Is It Now Easier For Founders To Get H-1B Visas?


The U.S. Department of Homeland Security (DHS) has released a new proposed rule that aims to make it easier for founders to obtain H-1B visas, specifically for those in startup businesses. While the proposed rule does not increase the number of H-1B visas available each year, it recognizes the value of retaining startup founders in the U.S. and the potential benefits they can bring, such as job creation and innovation.

Key Takeaway

The proposed rule by the U.S. Department of Homeland Security aims to make it easier for startup founders to qualify for H-1B visas, recognizing the benefits they can bring to the U.S. in terms of job creation and innovation.

Greater flexibility for founders

The proposed rule provides greater flexibility for startup founders in qualifying for H-1B visas. In the past, founders often faced challenges in demonstrating an employer-employee relationship, which required them to reduce their equity stake or give up control of their companies. The proposed rule clarifies that founders who hold more than half of the equity in their startups can still qualify for H-1B visas without compromising their ownership or control. Startup founders only need to submit the necessary documentation, such as a Labor Condition Application approved by the U.S. Department of Labor and an employment agreement or offer letter from their startup.

Greater flexibility for students

The proposed rule also offers greater flexibility for international students on F-1 visas who are working under optional practical training (OPT) or STEM OPT work authorization. If selected in the H-1B lottery, these students can continue living and working in the U.S. under a cap-gap extension. The proposed rule extends the cap-gap extension through April 1, providing an additional six months of employment authorization to avoid disruption. This change benefits both students and employers, as it eliminates the need for employers to pay for premium processing when filing an H-1B petition on behalf of an F-1 student.

Streamlined processes

The proposed rule also aims to streamline processes and clarify certain policies. It codifies the existing policy of deferring to prior decisions when evaluating applications for extension of status, ensuring consistency. It also clarifies that a specialty occupation position may allow a range of degree fields, as long as there is a direct relationship between the required degree field and the duties of the position. Additionally, the proposed rule addresses the issue of specialty occupations not always requiring a bachelor’s degree, emphasizing that a specialty occupation “normally” requires at least a bachelor’s degree, not “always.”

More cap-exempt employers

Under the current H-1B cap, some employers qualify for exemption and can petition for an H-1B visa at any time without going through the lottery. These cap-exempt employers include institutions of higher education, nonprofit research organizations, and governmental research organizations. The proposed rule expands the definition of nonprofit research and governmental research organizations, potentially increasing the number of eligible petitioners who can benefit from the cap exemption.

Leveled playing field

The proposed rule seeks to level the playing field in the H-1B lottery system. Currently, some H-1B candidates have multiple employers registering them for the lottery, increasing their chances of selection. However, multiple registrations from the same employer for the same candidate are automatically disqualified. The proposed rule would allow H-1B candidates to be registered by different employers, but each unique candidate would only be entered into the lottery once. If selected, the candidate would then have the choice of which employer to work for.

Potential downsides

While the proposed rule offers several benefits, there are potential downsides as well. The proposed rule includes a narrower definition of what qualifies as an H-1B specialty occupation, requiring a U.S. bachelor’s degree or higher in a directly related specific specialty. This change aligns with the skills-based hiring approach of most modern employers, but it may restrict some candidates. Additionally, the proposed rule limits the initial H-1B approval and the first renewal period for startup founders to 18 months each, after which the H-1B would be renewable for another three years. This differs from the current rule, which allows for an initial three-year period and subsequent three-year renewals, regardless of whether the visa holder is a startup founder.
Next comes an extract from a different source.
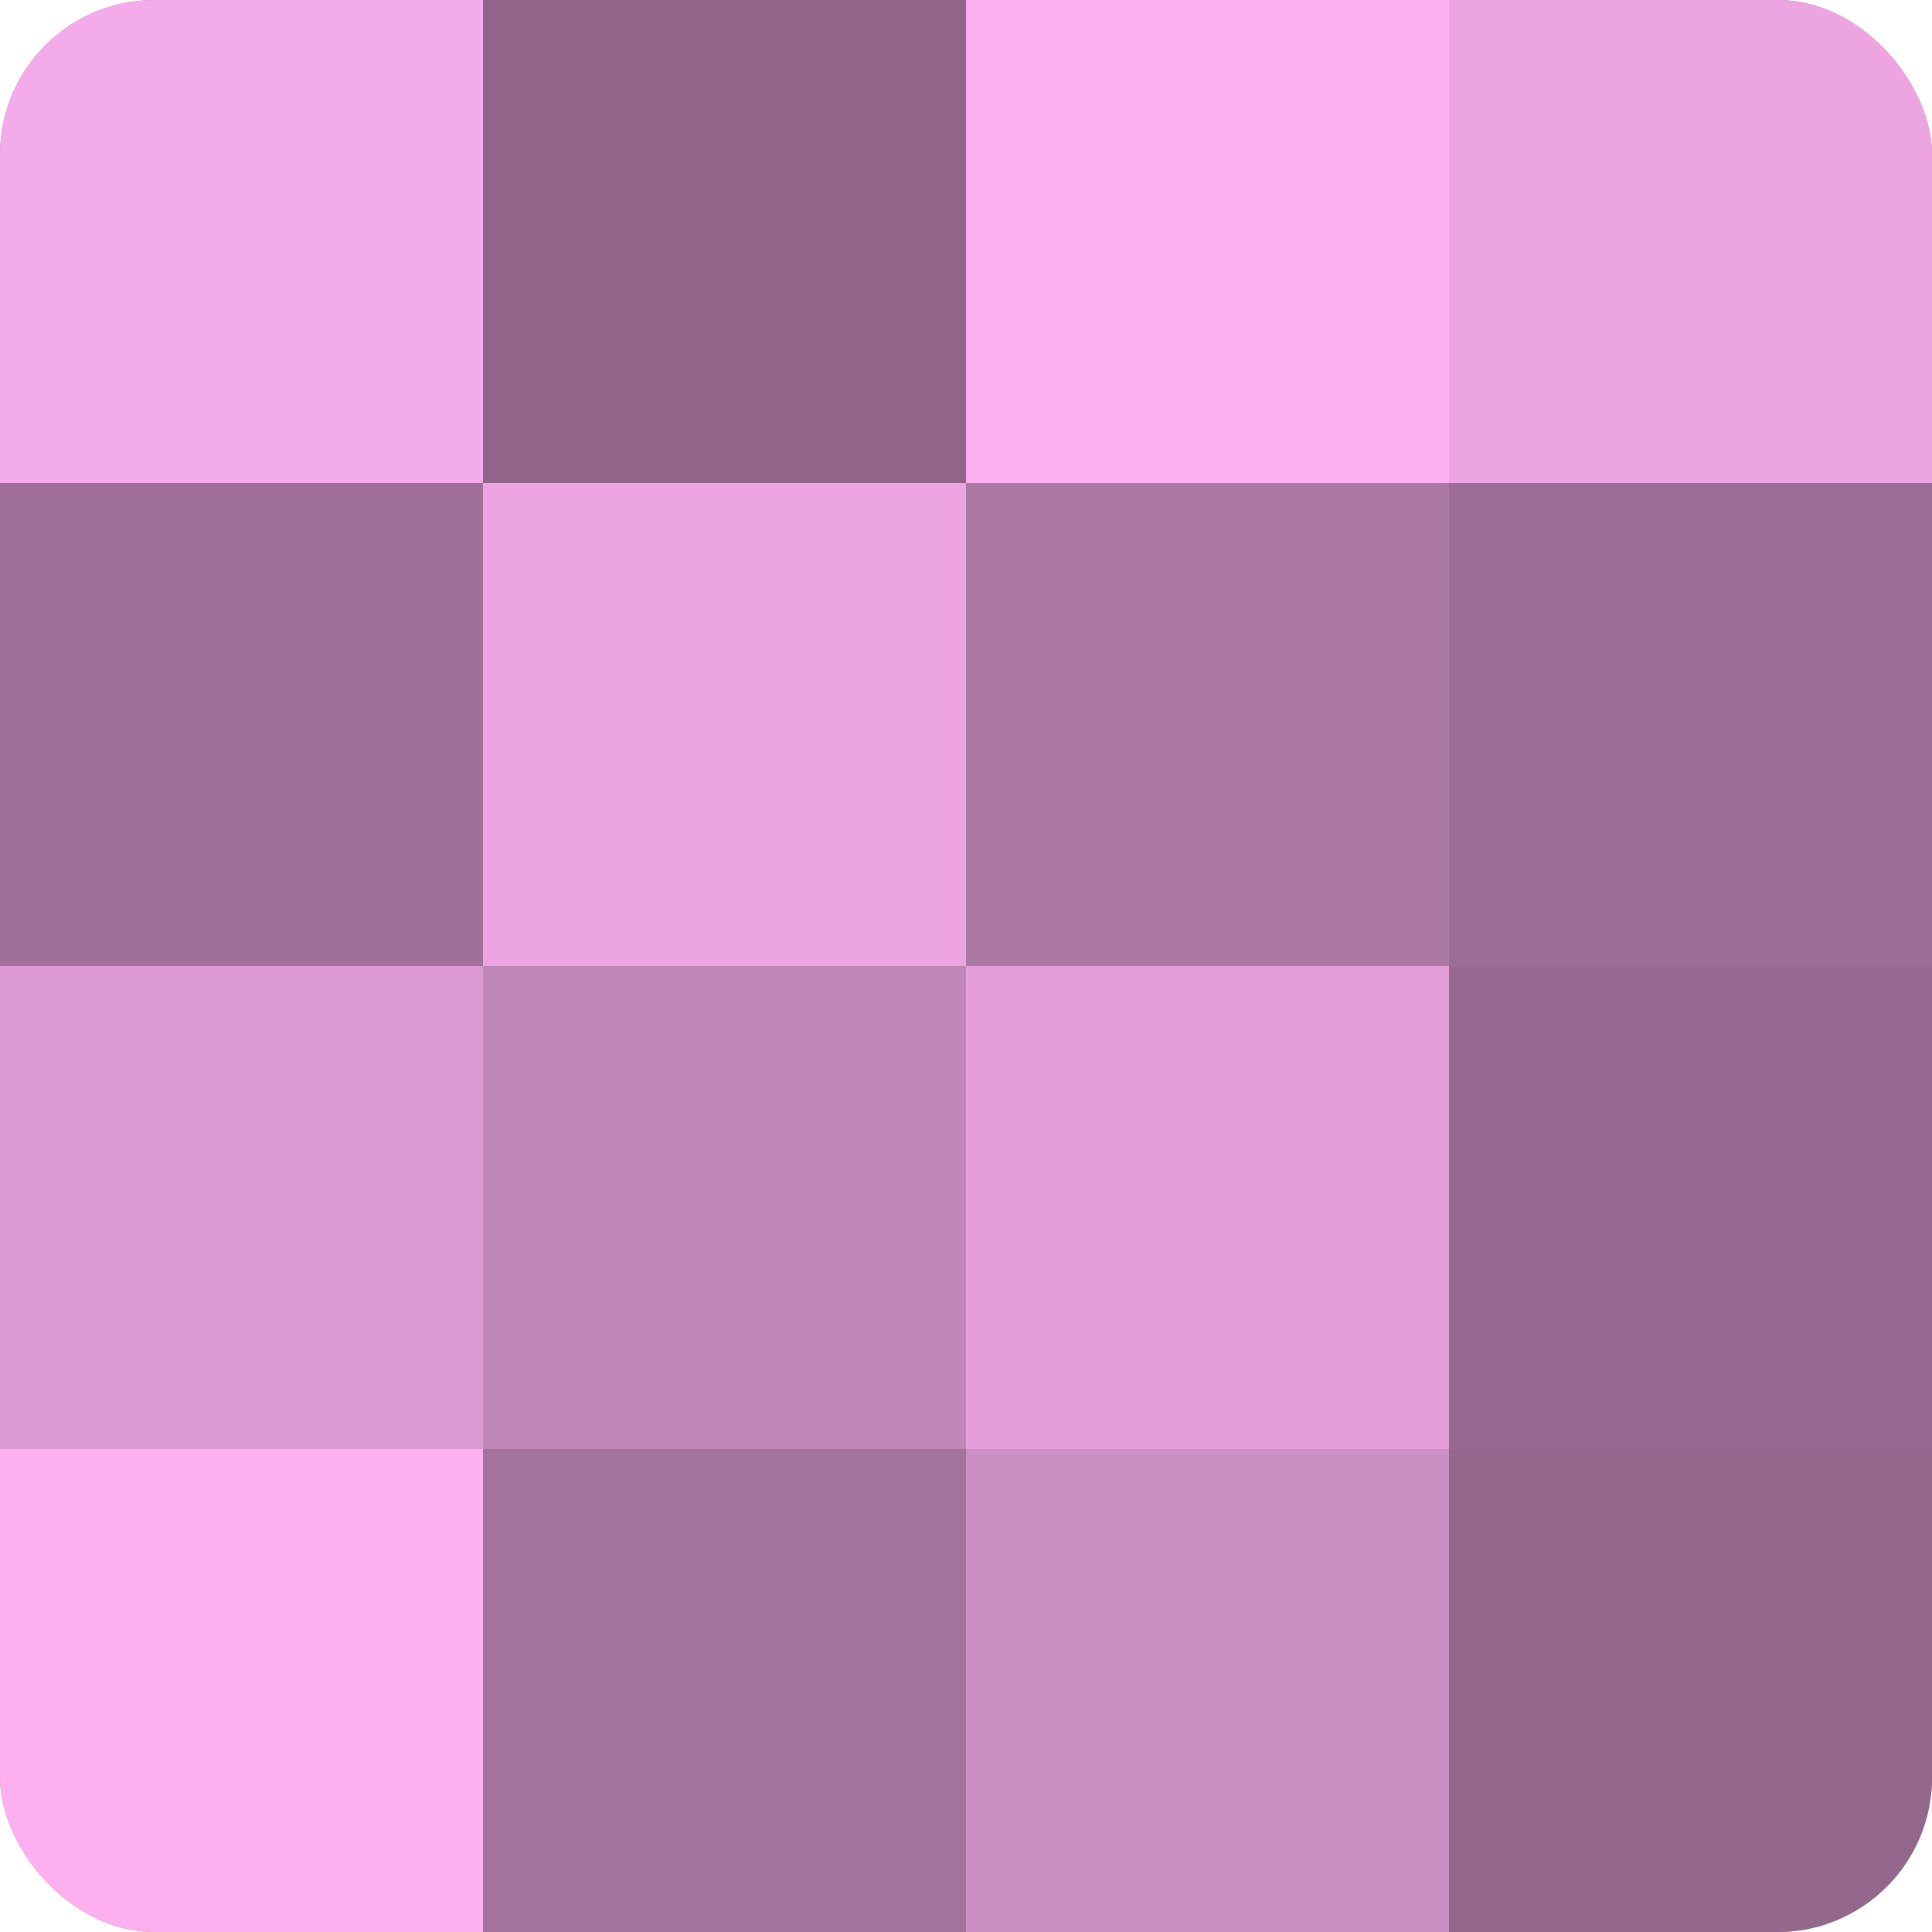 <?xml version="1.0" encoding="UTF-8"?>
<svg xmlns="http://www.w3.org/2000/svg" width="60" height="60" viewBox="0 0 100 100" preserveAspectRatio="xMidYMid meet"><defs><clipPath id="c" width="100" height="100"><rect width="100" height="100" rx="8" ry="8"/></clipPath></defs><g clip-path="url(#c)"><rect width="100" height="100" fill="#a07099"/><rect width="25" height="25" fill="#f4abe9"/><rect y="25" width="25" height="25" fill="#a07099"/><rect y="50" width="25" height="25" fill="#dc9ad2"/><rect y="75" width="25" height="25" fill="#fcb0f0"/><rect x="25" width="25" height="25" fill="#906589"/><rect x="25" y="25" width="25" height="25" fill="#eca5e1"/><rect x="25" y="50" width="25" height="25" fill="#c086b7"/><rect x="25" y="75" width="25" height="25" fill="#a4739d"/><rect x="50" width="25" height="25" fill="#fcb0f0"/><rect x="50" y="25" width="25" height="25" fill="#ac78a4"/><rect x="50" y="50" width="25" height="25" fill="#e49fd9"/><rect x="50" y="75" width="25" height="25" fill="#cc8fc3"/><rect x="75" width="25" height="25" fill="#eca5e1"/><rect x="75" y="25" width="25" height="25" fill="#9c6d95"/><rect x="75" y="50" width="25" height="25" fill="#986a91"/><rect x="75" y="75" width="25" height="25" fill="#94688d"/></g></svg>

The proposed rule is currently open for comment until December 22, 2023. Those interested, including founders and employers, are encouraged to provide feedback on the proposed changes. The DHS will review the comments and make any necessary revisions before issuing a final rule. It is hoped that the new rule will be in effect in time for the H-1B lottery in March, which will determine the beneficiaries for fiscal year 2025 starting from October 1, 2024.

In conclusion, the proposed rule aims to make it easier for startup founders to obtain H-1B visas, recognizing their value in terms of job creation and innovation. The rule offers greater flexibility for founders, students, and employers, while also streamlining processes and leveling the playing field in the H-1B lottery system. However, there are potential downsides to consider, such as a narrower definition of specialty occupations and shorter approval periods for startup founders. It is important for interested individuals to provide feedback during the comment period to ensure their voices are heard.